From Mystery to Method: Diagnosing Glaze Flaws with AI

Every potter knows the frustration: a glaze that worked perfectly last month now crawls or blisters, and you’re left guessing—was it the clay, the mixing, or the firing? This troubleshooting rabbit hole consumes precious studio time.

The solution isn't more intuition; it's systematic data analysis. By applying a structured, AI-assisted framework, you can transform flaws from mysteries into solvable problems.

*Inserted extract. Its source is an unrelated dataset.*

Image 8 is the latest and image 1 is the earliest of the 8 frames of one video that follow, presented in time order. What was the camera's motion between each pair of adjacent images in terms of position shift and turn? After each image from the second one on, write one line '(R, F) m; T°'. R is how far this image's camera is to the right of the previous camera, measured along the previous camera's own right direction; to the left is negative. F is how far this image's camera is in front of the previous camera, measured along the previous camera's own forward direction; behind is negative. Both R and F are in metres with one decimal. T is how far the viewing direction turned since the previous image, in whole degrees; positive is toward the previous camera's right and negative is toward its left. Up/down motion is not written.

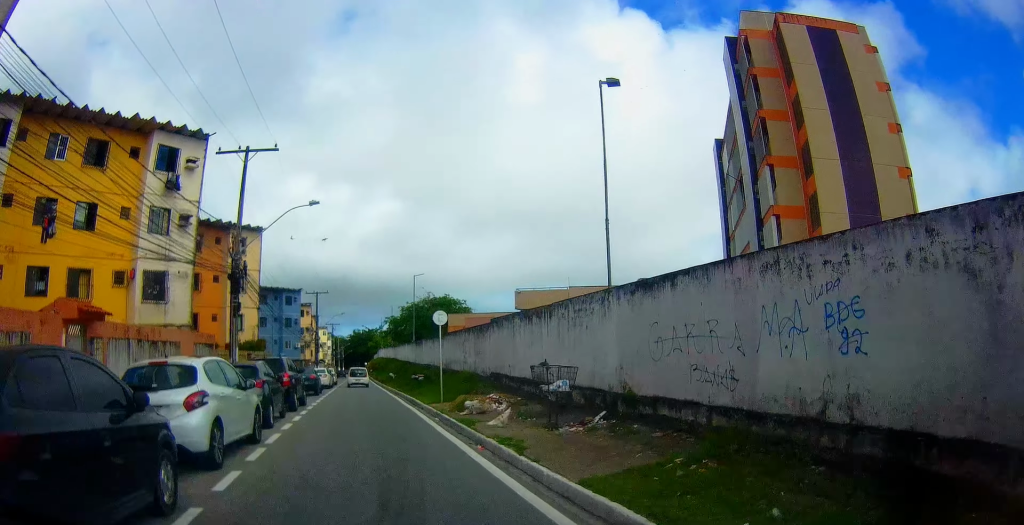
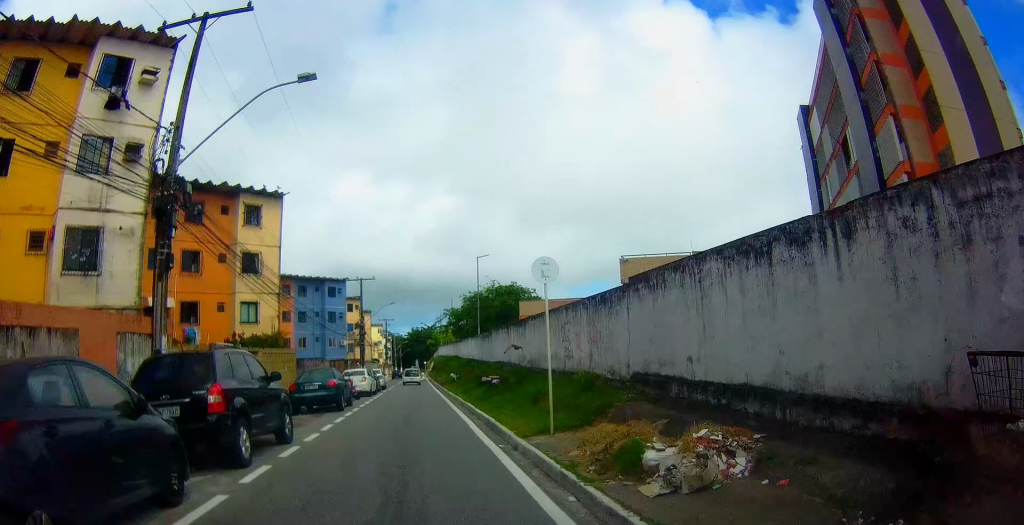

The Core Principle: The Comparative Flaw Matrix

Stop troubleshooting in isolation. The key is to systematically compare the faulty batch against a historically successful control batch. This direct comparison, guided by a predefined "Flaw Matrix," isolates variables and reveals the root cause. Your AI tool's purpose is to execute this correlation search at speed, sifting through your recorded data to find meaningful deviations.

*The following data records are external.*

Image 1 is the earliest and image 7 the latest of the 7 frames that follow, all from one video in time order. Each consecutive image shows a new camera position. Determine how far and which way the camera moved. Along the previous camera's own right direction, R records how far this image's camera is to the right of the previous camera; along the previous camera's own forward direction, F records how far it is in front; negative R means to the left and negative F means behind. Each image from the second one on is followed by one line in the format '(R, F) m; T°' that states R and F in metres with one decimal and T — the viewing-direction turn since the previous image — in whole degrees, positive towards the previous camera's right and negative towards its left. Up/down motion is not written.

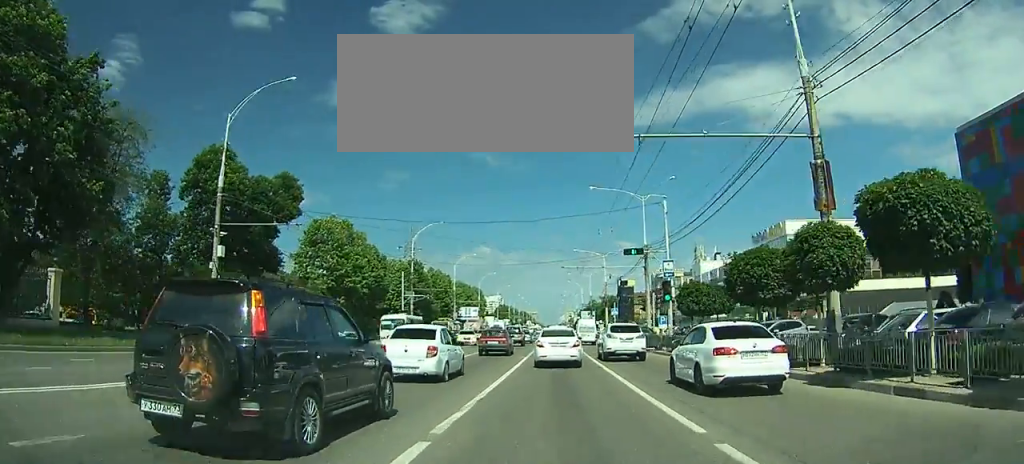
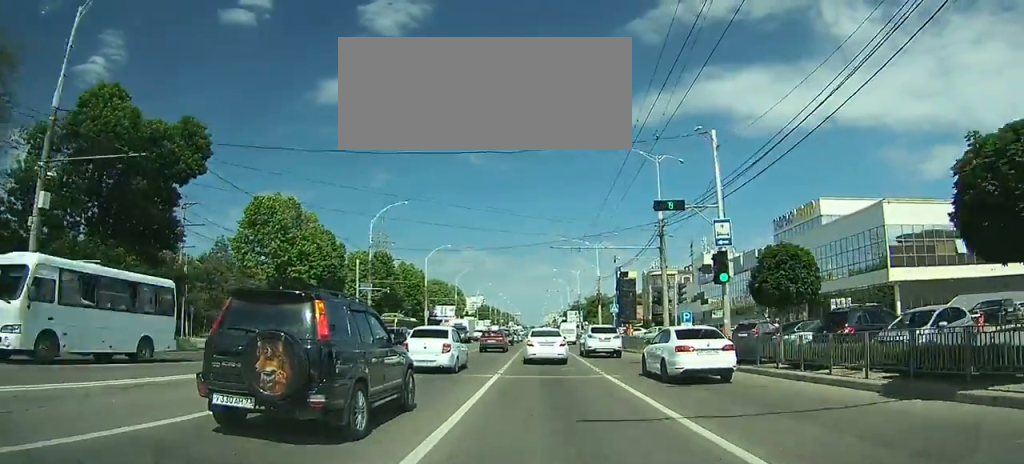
(0.0, +10.8) m; +1°
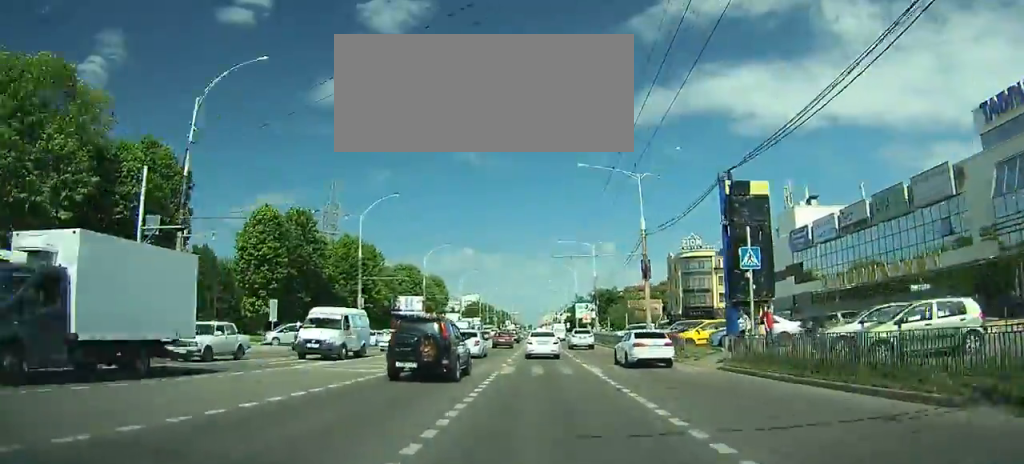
(+0.6, +34.0) m; +2°
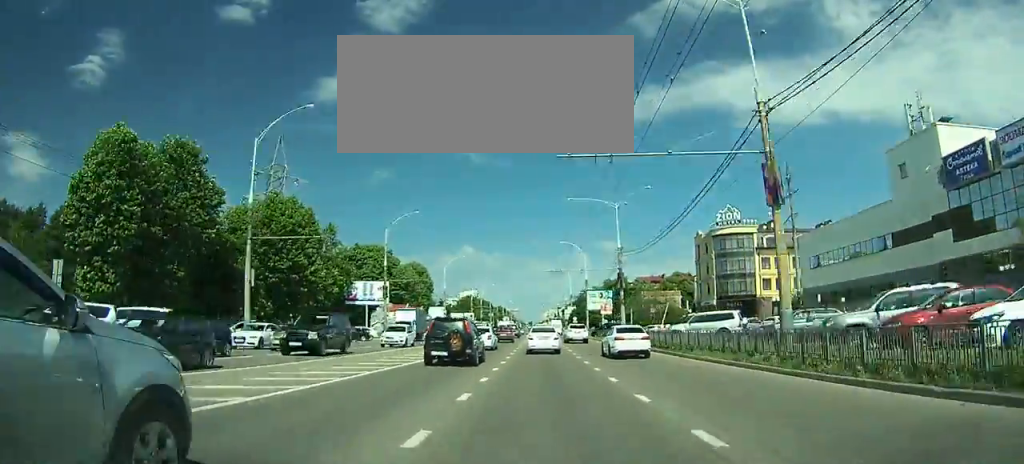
(+0.1, +23.0) m; 0°
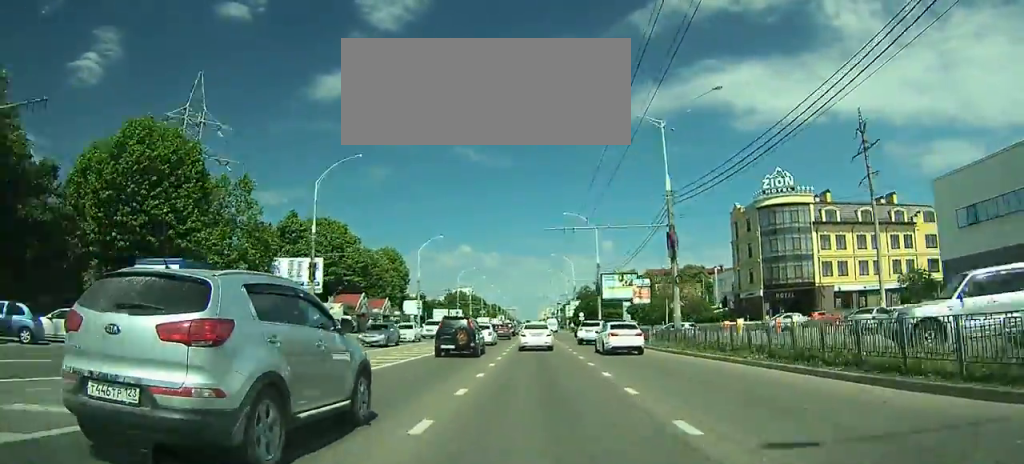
(0.0, +21.7) m; 0°
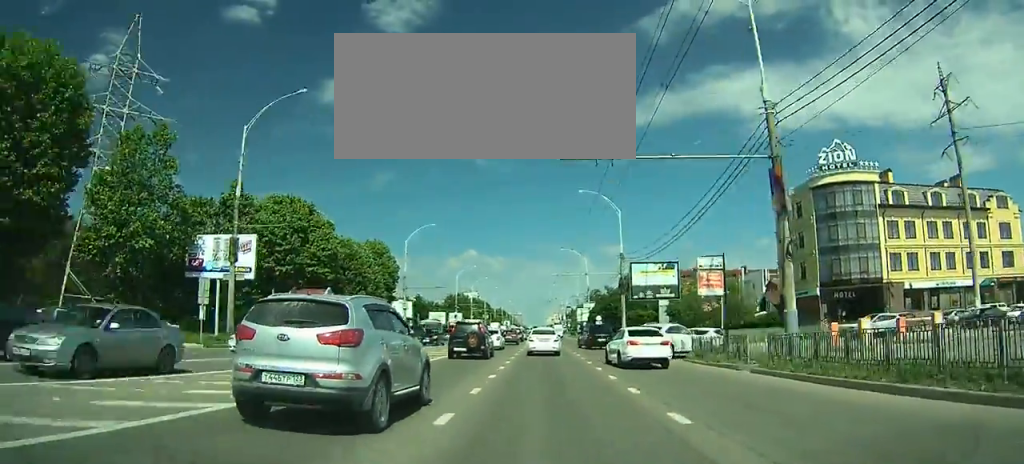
(-0.1, +16.1) m; 0°
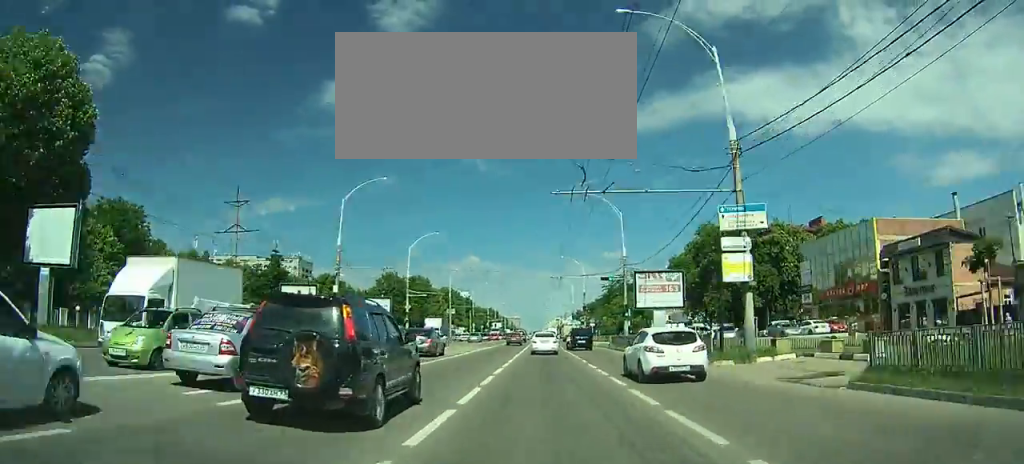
(+1.0, +81.7) m; +1°

For instance, a tool like Klirr (a studio-management platform with AI insights) can automate this by generating batch consistency reports. You don't ask, "Why is this crawling?" You command: "Compare the material weights, supplier sources, and kiln curve for Batch #024 (crawling) to Batch #018 (successful)."

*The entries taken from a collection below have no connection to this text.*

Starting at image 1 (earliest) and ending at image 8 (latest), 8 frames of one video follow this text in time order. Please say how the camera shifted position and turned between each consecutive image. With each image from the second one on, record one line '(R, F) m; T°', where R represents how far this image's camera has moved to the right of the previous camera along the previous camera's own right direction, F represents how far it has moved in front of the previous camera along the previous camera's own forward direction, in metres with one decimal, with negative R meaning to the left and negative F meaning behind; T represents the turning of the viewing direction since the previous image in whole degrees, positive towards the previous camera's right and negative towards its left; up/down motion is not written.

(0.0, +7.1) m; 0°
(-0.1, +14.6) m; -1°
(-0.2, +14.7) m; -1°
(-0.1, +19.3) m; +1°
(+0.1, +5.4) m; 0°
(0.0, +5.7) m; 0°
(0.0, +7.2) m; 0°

Mini-Scenario: Your latest translucent glaze is suddenly cloudy. Instead of adjusting everything, you have your system compare all data for this cloudy batch against your last clear batch. The AI highlights a 5% increase in feldspar from a new supplier as the only significant change.

Implementation: Three High-Level Steps

1. Digitize Your Process: Consistently log key data for every batch—exact material weights (including source), mixing conditions (e.g., humidity), and full firing schedule curves. This builds your searchable database.
2. Define Your Flaw Library: Create your "Flaw Matrix"—a simple list linking common flaws (crawling, pinholes, clouding) to their most likely data-related culprits (e.g., crawling -> high surface tension, often from material batch variation or fast ramp rates).
3. Query with Purpose: When a flaw appears, initiate a structured "Correlation Search." Isolate the flaw, reference your matrix for likely causes, and then task your system to compare the faulty batch's data against a control batch across those specific parameters (material sources, kiln curve overlays).

Key Takeaways

Diagnosing flaws shifts from guesswork to methodical investigation by leveraging historical data. The core action is the controlled comparison—contrasting a failed batch against a successful one across precise metrics. Implementing this begins with consistent data logging and a clear framework for what to analyze when specific flaws occur. This AI-augmented approach turns troubleshooting into a repeatable, knowledge-building process.